Available records:
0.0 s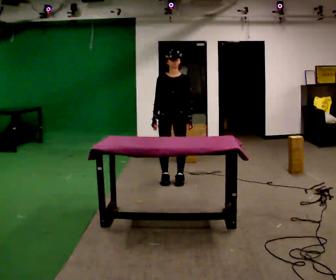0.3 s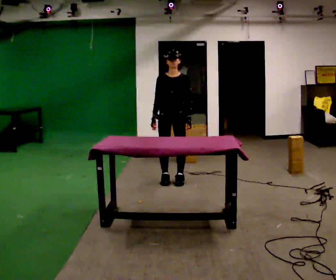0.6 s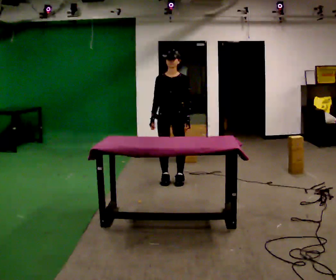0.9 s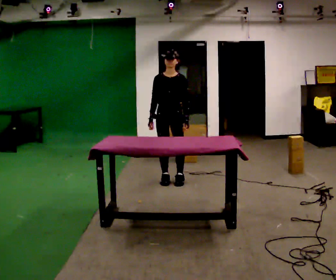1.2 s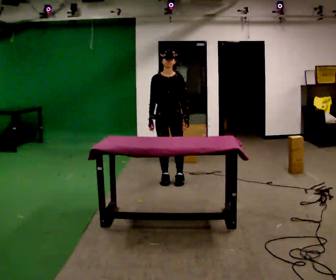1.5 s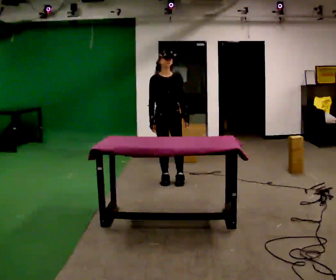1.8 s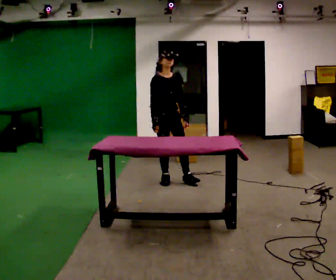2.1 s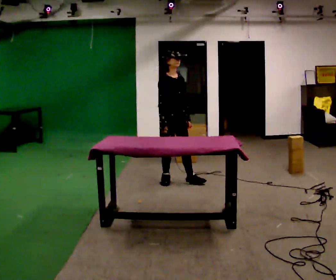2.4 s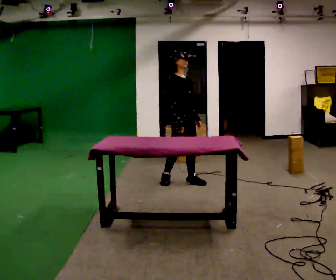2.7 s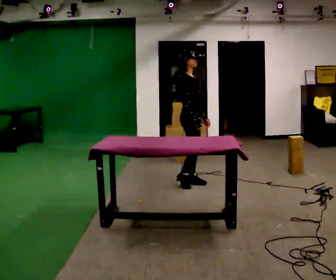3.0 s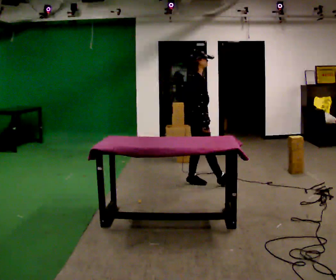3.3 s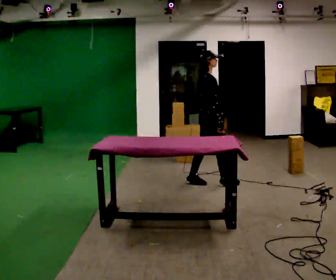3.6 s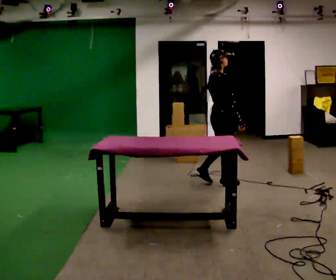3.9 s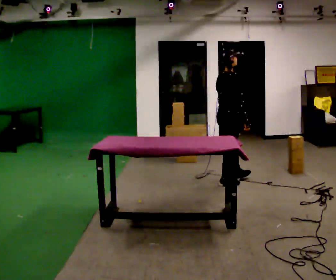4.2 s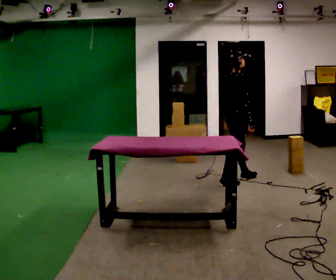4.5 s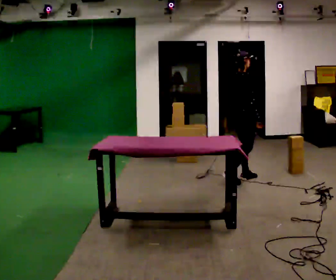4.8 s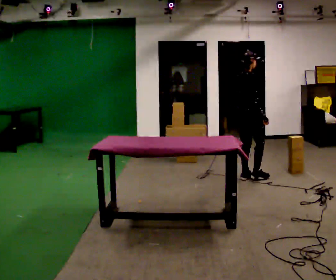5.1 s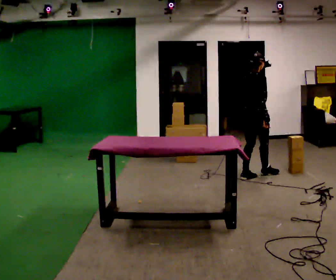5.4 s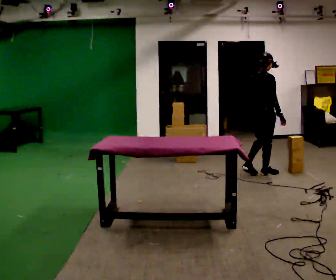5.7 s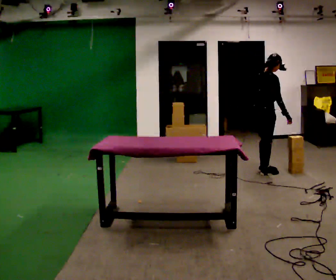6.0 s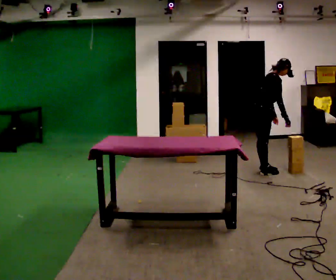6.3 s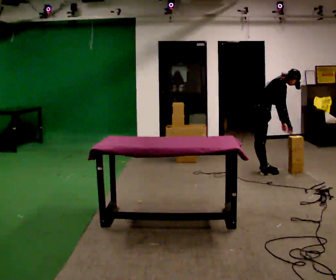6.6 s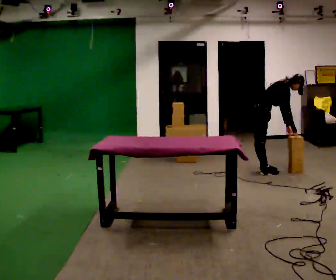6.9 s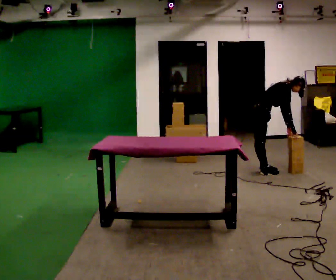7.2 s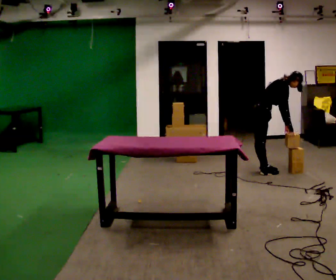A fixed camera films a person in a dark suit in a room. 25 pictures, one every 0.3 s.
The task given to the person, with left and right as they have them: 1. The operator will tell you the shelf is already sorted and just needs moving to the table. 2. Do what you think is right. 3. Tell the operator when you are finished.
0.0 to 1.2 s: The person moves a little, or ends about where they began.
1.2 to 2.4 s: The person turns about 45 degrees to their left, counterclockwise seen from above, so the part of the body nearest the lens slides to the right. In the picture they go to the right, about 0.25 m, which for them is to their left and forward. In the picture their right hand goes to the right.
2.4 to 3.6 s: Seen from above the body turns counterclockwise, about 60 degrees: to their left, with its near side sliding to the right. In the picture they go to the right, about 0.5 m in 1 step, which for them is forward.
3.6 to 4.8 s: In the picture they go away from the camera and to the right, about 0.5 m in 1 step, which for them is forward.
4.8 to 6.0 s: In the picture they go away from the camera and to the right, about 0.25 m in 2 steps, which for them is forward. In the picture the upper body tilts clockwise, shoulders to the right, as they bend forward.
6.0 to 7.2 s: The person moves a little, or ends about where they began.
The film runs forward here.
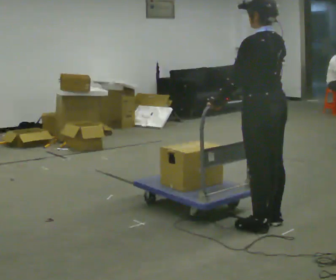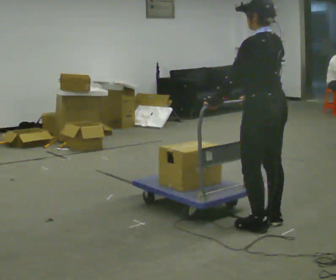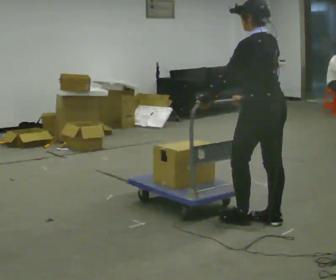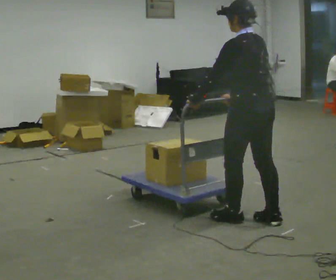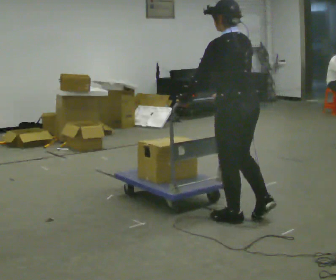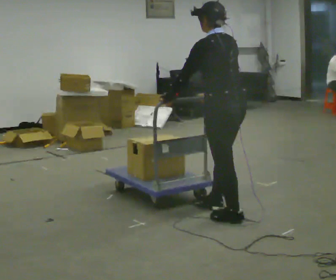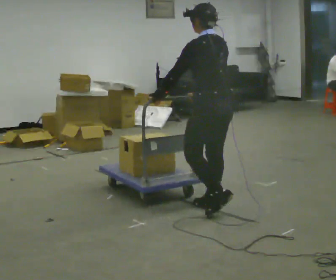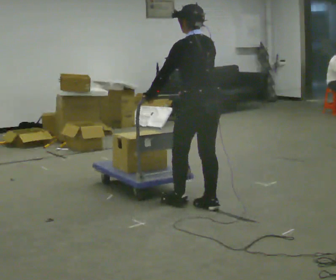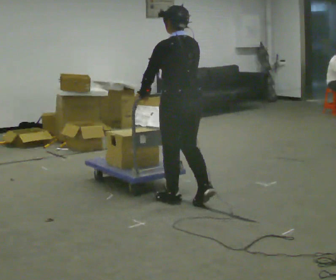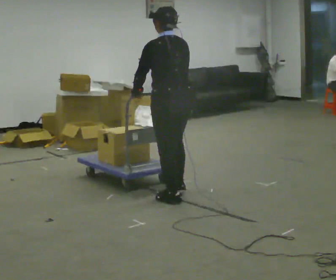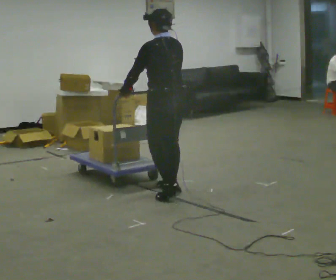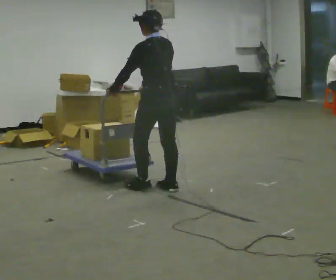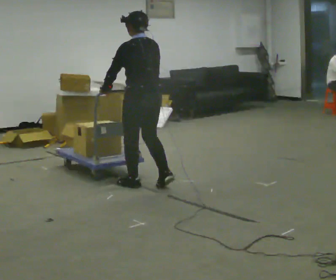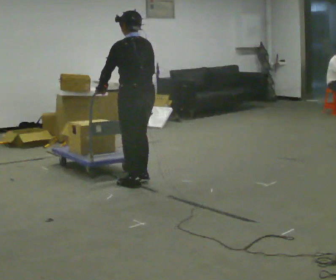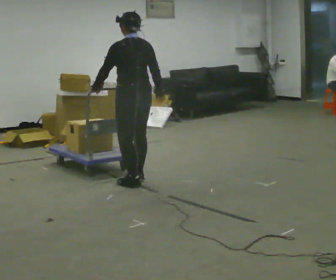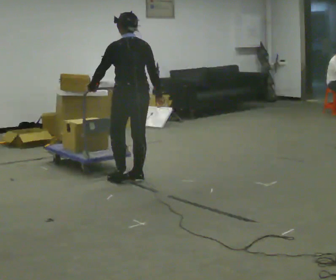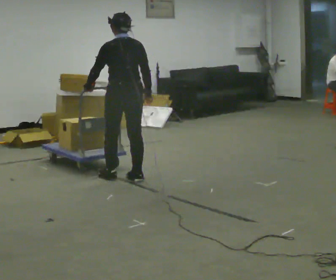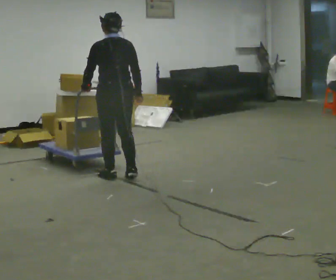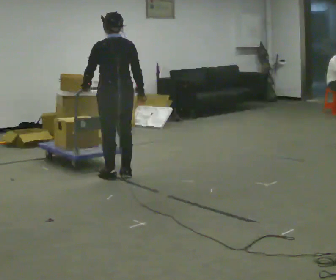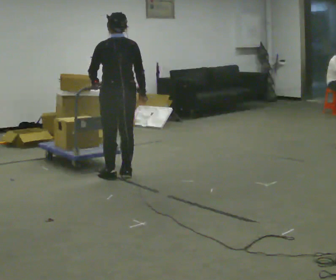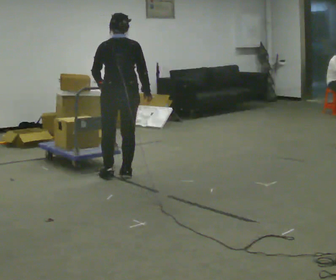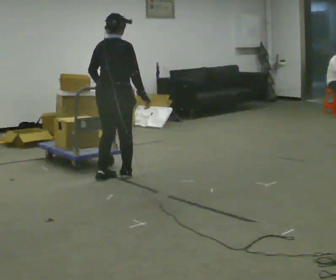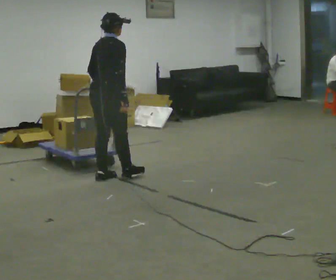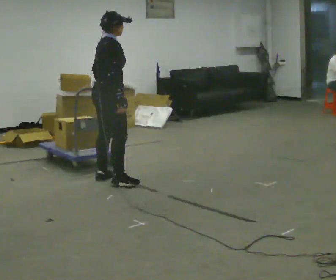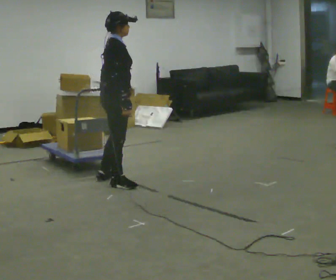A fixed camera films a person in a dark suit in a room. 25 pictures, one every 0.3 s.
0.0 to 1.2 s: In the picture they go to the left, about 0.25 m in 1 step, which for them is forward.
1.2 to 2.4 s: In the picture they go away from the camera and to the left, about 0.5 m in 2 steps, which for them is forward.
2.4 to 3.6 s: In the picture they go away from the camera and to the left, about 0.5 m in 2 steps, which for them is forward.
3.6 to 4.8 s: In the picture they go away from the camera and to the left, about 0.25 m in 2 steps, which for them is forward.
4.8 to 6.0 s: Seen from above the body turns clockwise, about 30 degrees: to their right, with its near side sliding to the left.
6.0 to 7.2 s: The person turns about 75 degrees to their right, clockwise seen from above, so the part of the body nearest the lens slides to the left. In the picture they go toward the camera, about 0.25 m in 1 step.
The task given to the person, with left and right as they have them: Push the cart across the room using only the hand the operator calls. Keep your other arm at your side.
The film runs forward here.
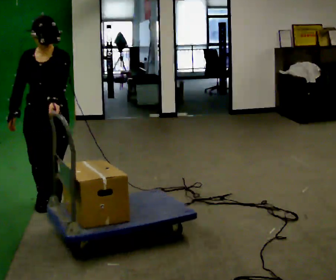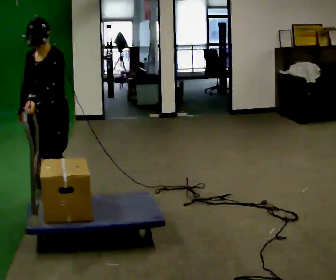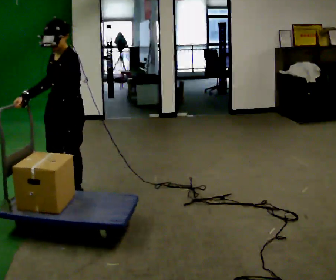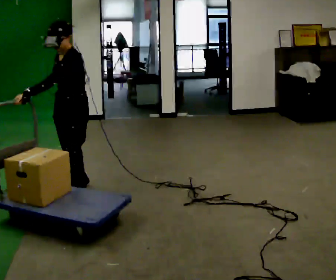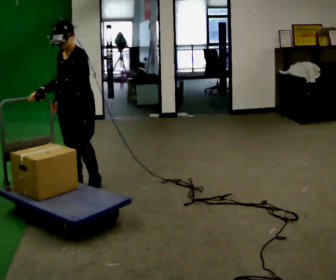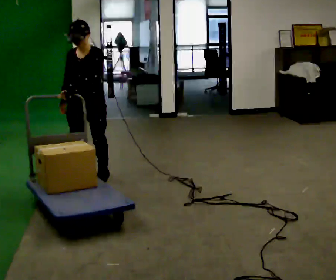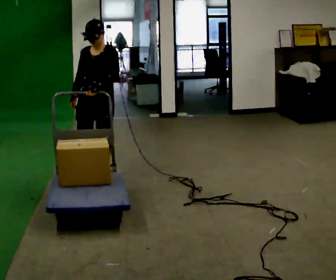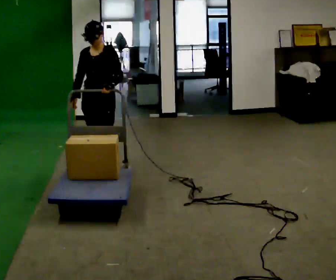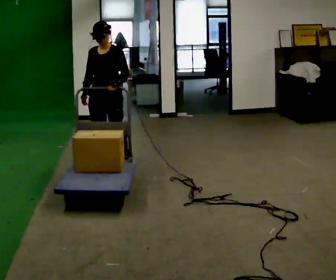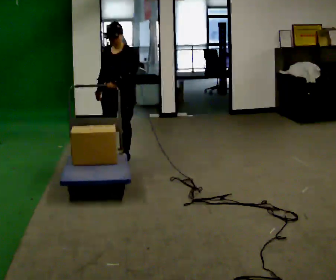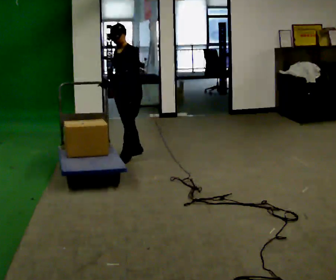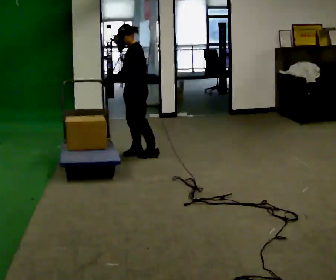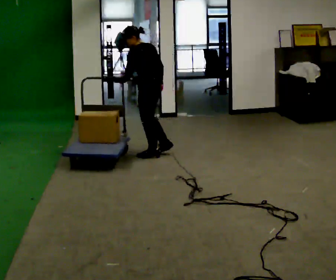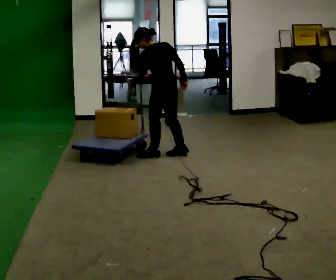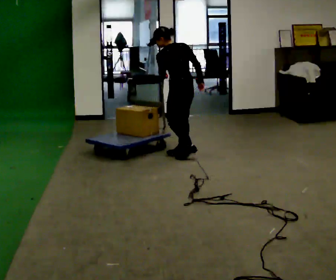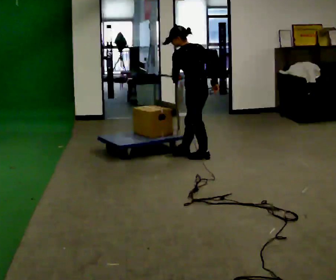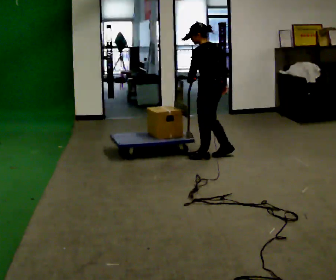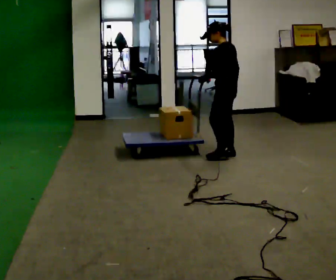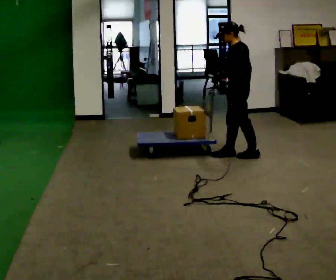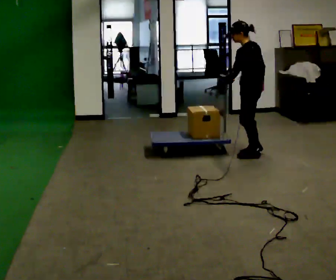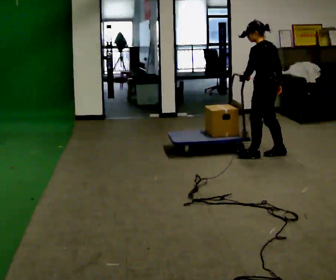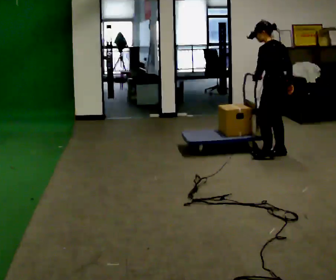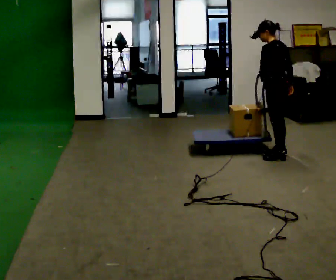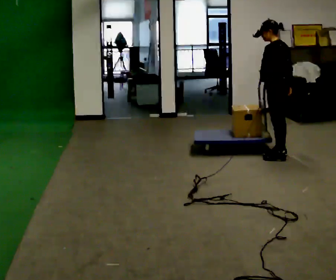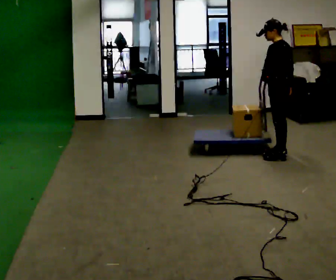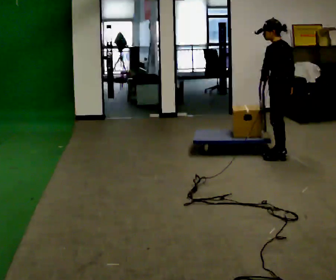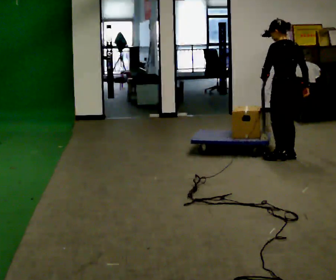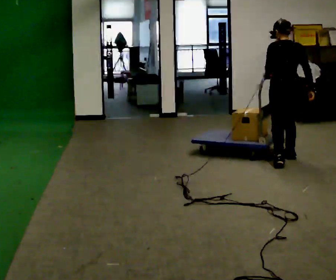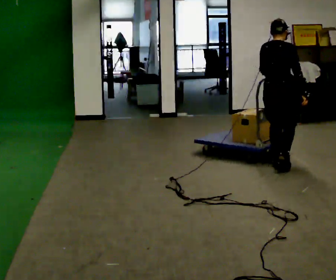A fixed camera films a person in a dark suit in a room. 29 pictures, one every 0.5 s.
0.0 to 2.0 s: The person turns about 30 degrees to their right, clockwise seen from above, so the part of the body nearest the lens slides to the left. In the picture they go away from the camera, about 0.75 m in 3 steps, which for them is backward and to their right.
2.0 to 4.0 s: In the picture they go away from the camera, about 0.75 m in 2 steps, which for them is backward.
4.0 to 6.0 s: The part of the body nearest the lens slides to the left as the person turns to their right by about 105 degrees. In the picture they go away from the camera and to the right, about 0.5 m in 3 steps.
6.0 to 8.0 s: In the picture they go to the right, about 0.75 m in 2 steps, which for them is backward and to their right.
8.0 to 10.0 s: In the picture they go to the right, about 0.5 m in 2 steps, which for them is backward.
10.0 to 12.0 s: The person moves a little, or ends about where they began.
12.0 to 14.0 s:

What you need to do: An exact transcription is needed, covering the line with "every 0.5 s." and every line after it to the end of the entries, but not the pictures.

Task response:
A fixed camera films a person in a dark suit in a room. 29 pictures, one every 0.5 s.
0.0 to 2.0 s: The person turns about 30 degrees to their right, clockwise seen from above, so the part of the body nearest the lens slides to the left. In the picture they go away from the camera, about 0.75 m in 3 steps, which for them is backward and to their right.
2.0 to 4.0 s: In the picture they go away from the camera, about 0.75 m in 2 steps, which for them is backward.
4.0 to 6.0 s: The part of the body nearest the lens slides to the left as the person turns to their right by about 105 degrees. In the picture they go away from the camera and to the right, about 0.5 m in 3 steps.
6.0 to 8.0 s: In the picture they go to the right, about 0.75 m in 2 steps, which for them is backward and to their right.
8.0 to 10.0 s: In the picture they go to the right, about 0.5 m in 2 steps, which for them is backward.
10.0 to 12.0 s: The person moves a little, or ends about where they began.
12.0 to 14.0 s:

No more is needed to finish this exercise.